CHURCH SERVICE: Sunday, Trinity 18 Service at Southease, Joint Parish Communion.

ANOTHER PLEA: To motorists who belt up and down the C7, many using it as a rat run. Please go easy on the accelerator, as it’s 30mph through our villages, which nearly all have blind exits/entrances and it’s very frightening trying to get out onto the C7. Like lots of other villagers and my visitors, I will not turn right to Lewes, but turn left and turn at what we call ‘the gap’ as we have better vision.

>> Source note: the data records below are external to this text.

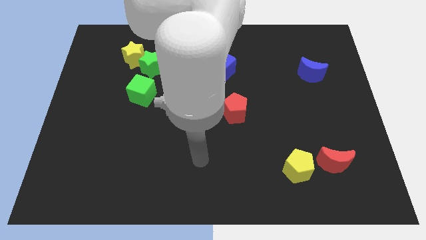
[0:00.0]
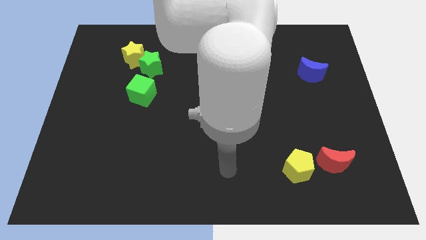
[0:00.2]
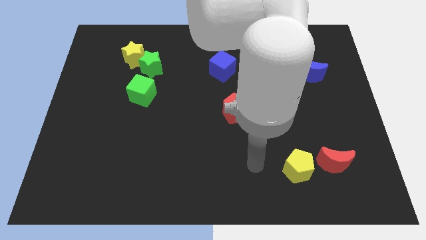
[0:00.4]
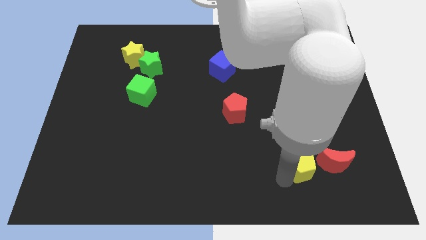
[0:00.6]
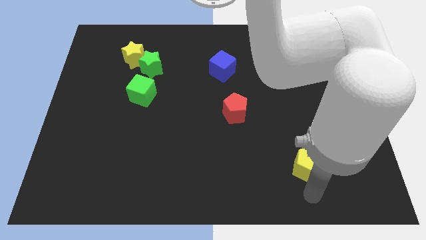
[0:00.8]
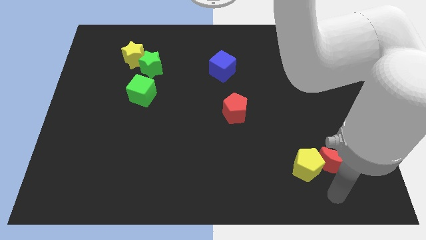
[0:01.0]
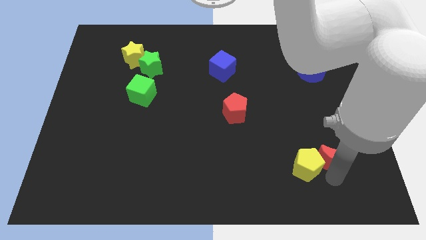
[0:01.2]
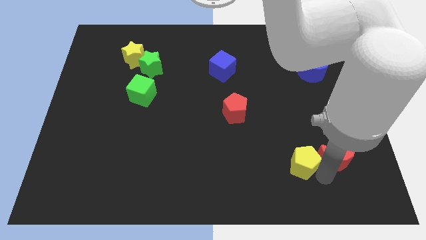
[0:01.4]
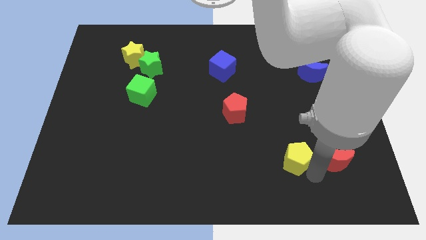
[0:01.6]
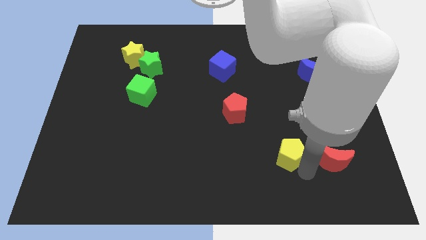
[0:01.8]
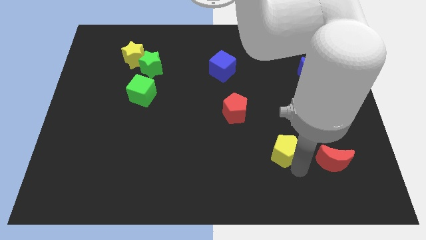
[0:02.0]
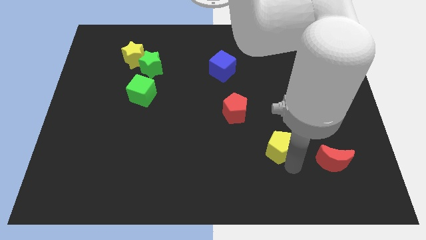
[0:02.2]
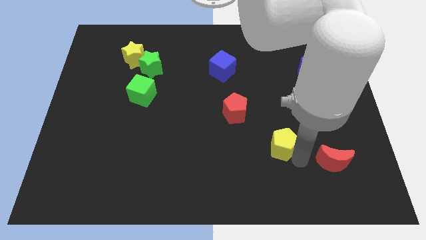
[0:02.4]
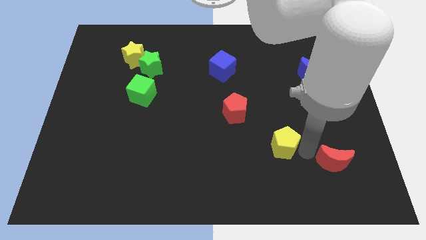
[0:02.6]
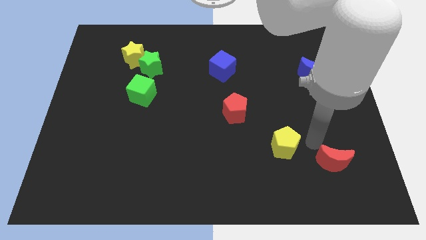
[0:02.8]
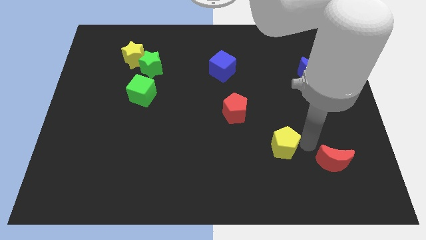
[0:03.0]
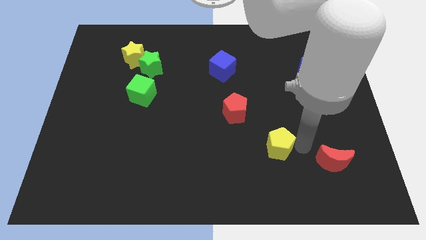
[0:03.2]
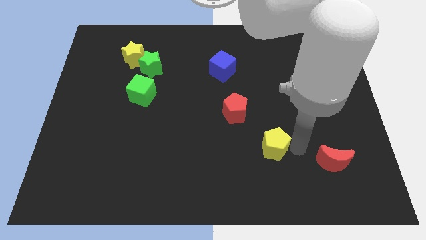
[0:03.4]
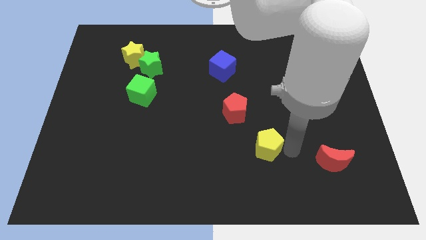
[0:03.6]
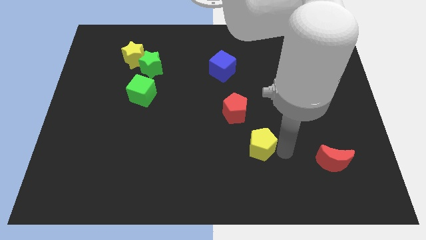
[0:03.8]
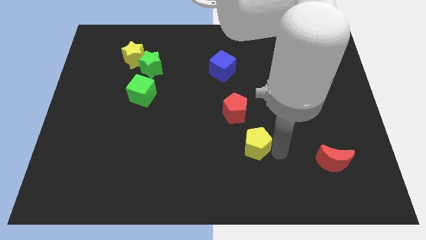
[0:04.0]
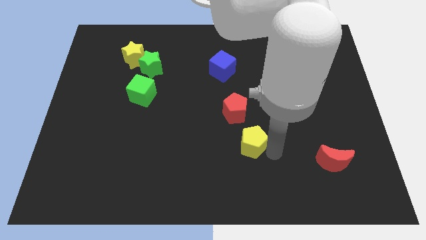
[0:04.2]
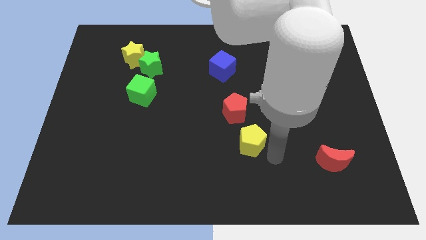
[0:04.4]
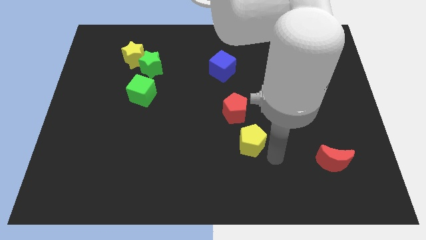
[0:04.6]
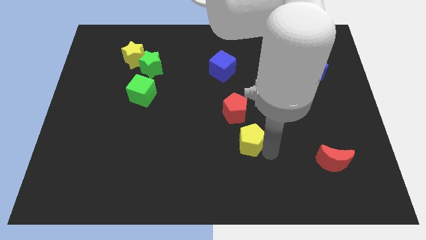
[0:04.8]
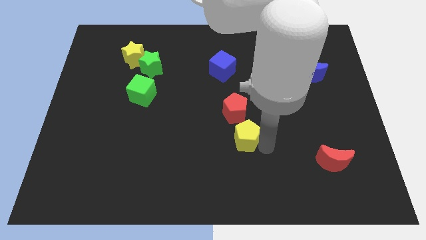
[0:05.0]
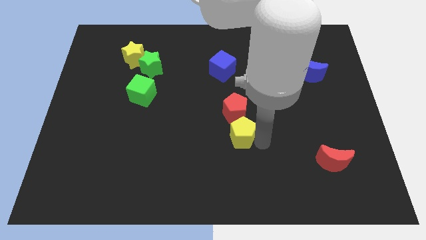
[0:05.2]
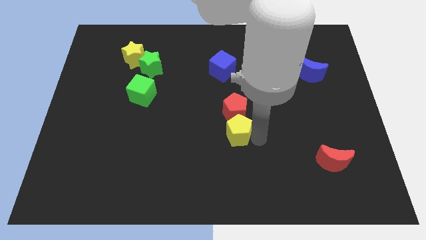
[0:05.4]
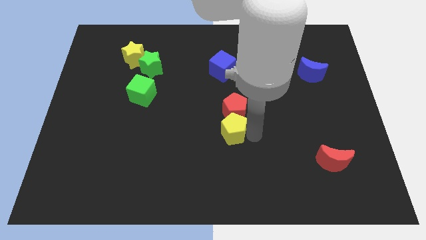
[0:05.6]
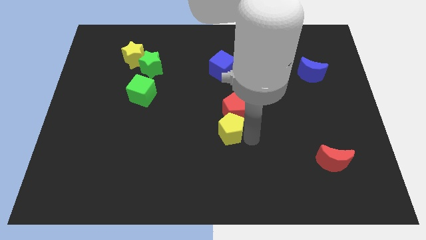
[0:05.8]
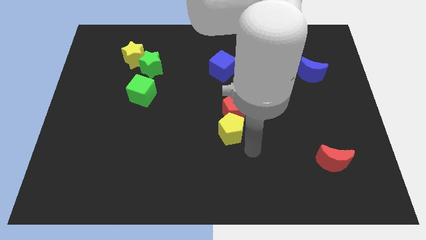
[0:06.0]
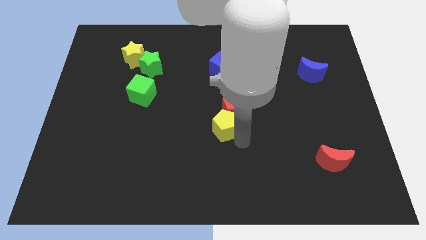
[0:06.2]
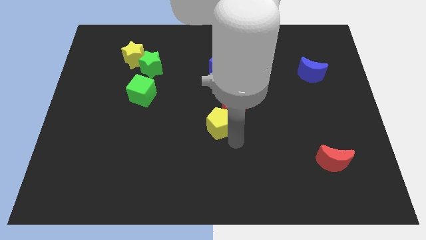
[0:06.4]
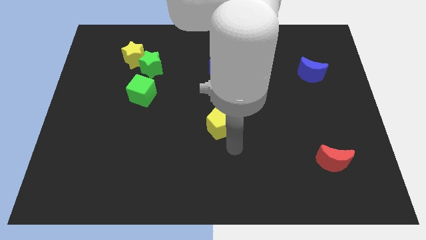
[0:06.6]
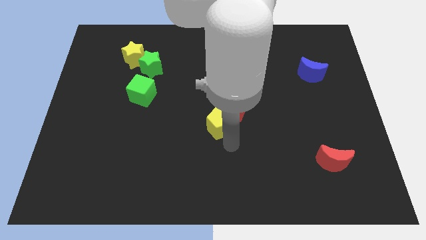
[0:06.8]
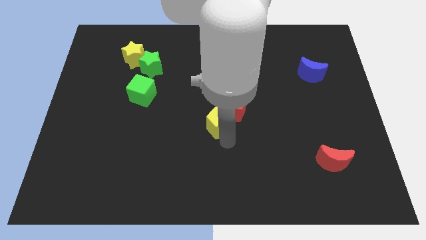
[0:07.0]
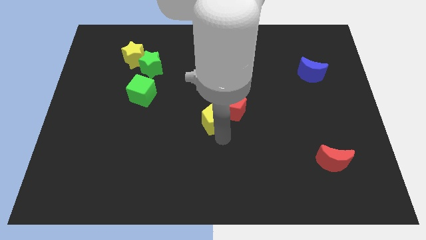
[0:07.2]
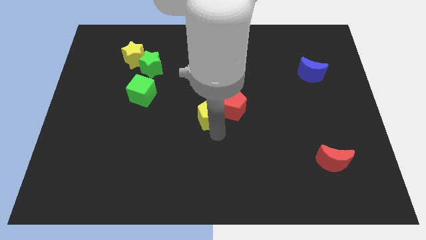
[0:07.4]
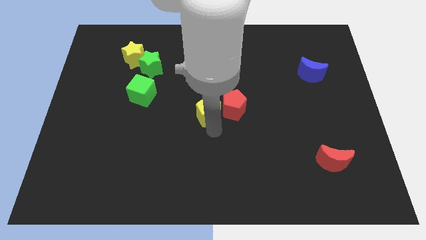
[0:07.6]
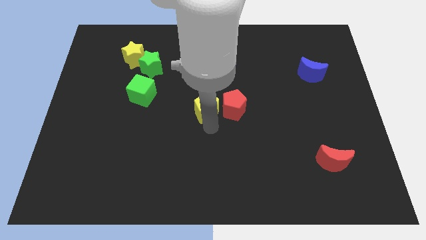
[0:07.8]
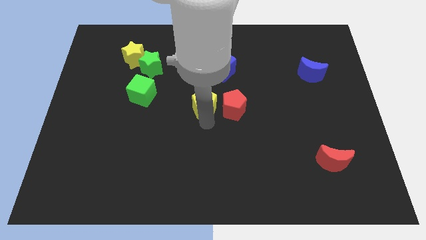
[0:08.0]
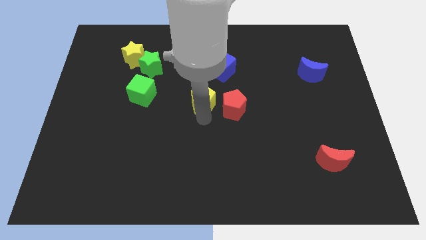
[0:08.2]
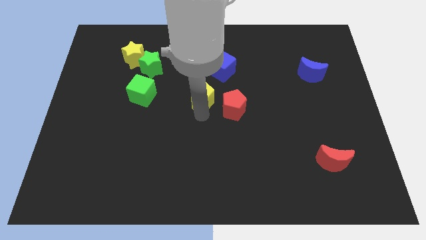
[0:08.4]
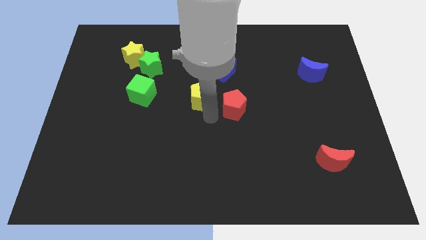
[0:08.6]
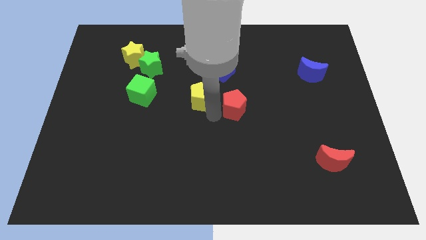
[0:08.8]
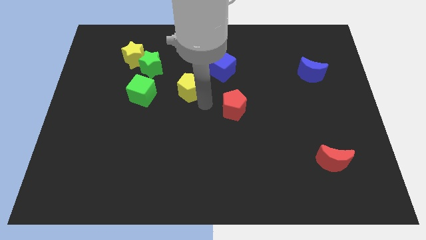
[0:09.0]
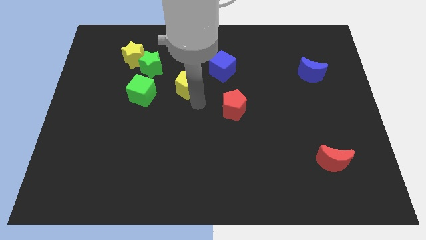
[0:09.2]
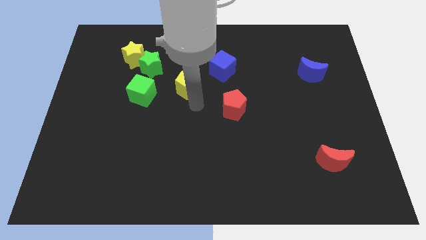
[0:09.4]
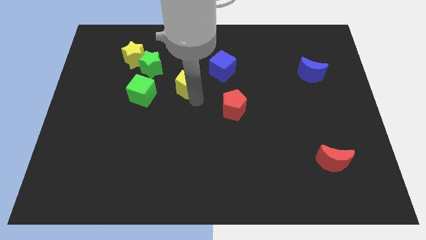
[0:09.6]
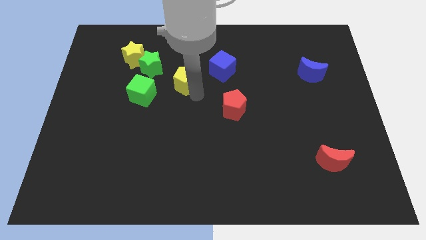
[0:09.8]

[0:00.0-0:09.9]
move the yellow pentagon to the left side of the blue cube

COURAGE: I don’t know if any readers watched Without Limits: Australia (BBC1), when a team of injured British and Australian veterans embarked on a 1,000 mile journey across Western Australia’s remote Kimberley region. It was a really eye-opening insight to what courage these people have to overcome such disabilities. I also watched the opening ceremony of the Invictus Games 2018 and felt a complete wimp as I don’t have a courageous spirit, a trip to London on a train is too much for me these days, especially when you don’t know where and when you’ll end up at a destination, which may be, if you’re lucky, near your planned destination and you manage in the first place to cope with the gap between platform and train. Having had friends younger than me come to grief travelling by train I think I’ll stick to coach trips. You don’t have to be scared of old age, you just have to cope with it and find alternative ways.